* [What is required]:
Leave every picture out and write out the records below exactly.

(Records contained in a dataset)
======
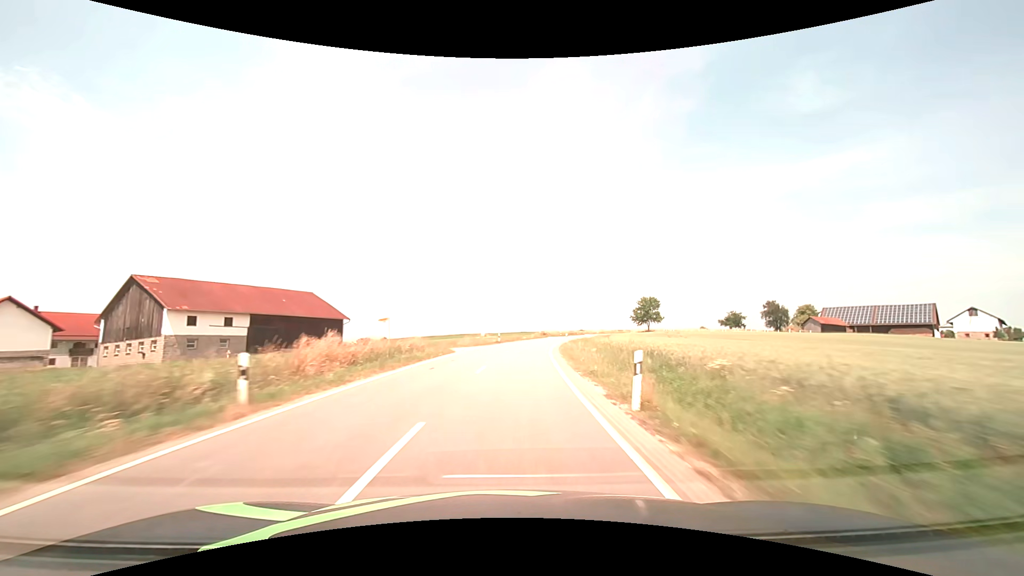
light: Day
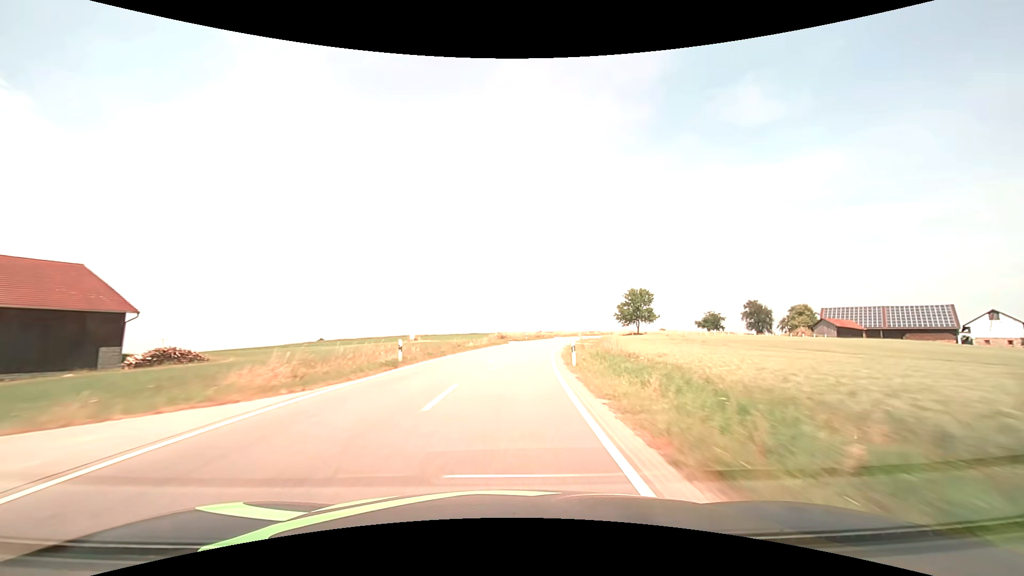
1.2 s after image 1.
(+1.6, +31.3) m; +6°
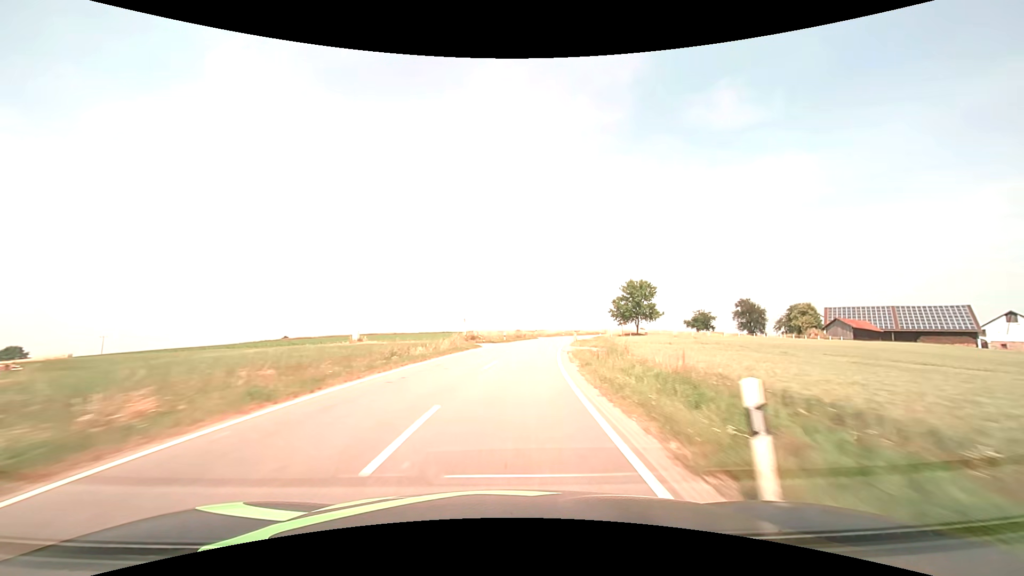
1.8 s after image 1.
(+0.3, +15.7) m; +2°
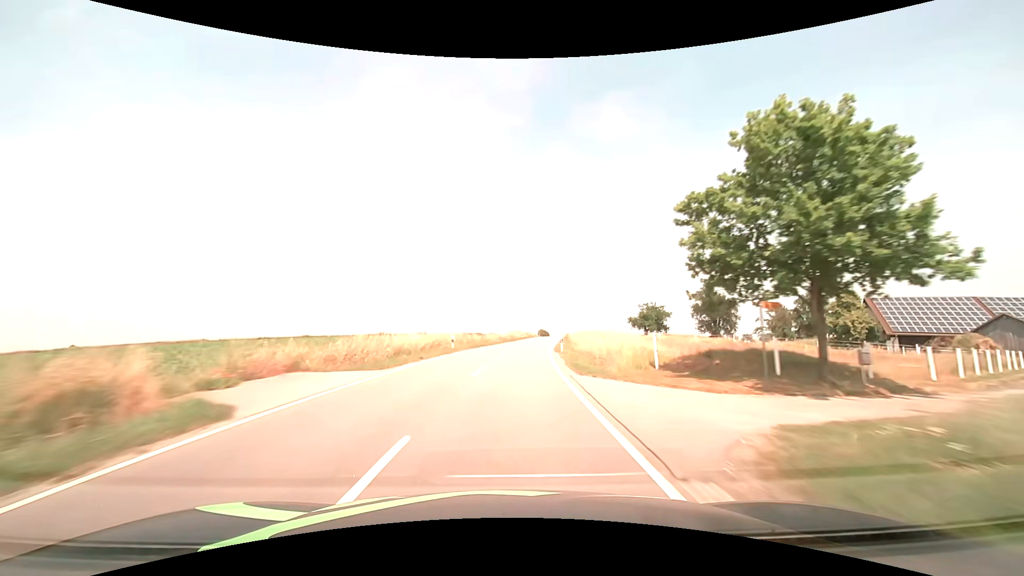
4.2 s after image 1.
(+7.3, +62.5) m; +13°
======
* [Solution to the problem]:
light: Day
1.2 s after image 1.
(+1.6, +31.3) m; +6°
1.8 s after image 1.
(+0.3, +15.7) m; +2°
4.2 s after image 1.
(+7.3, +62.5) m; +13°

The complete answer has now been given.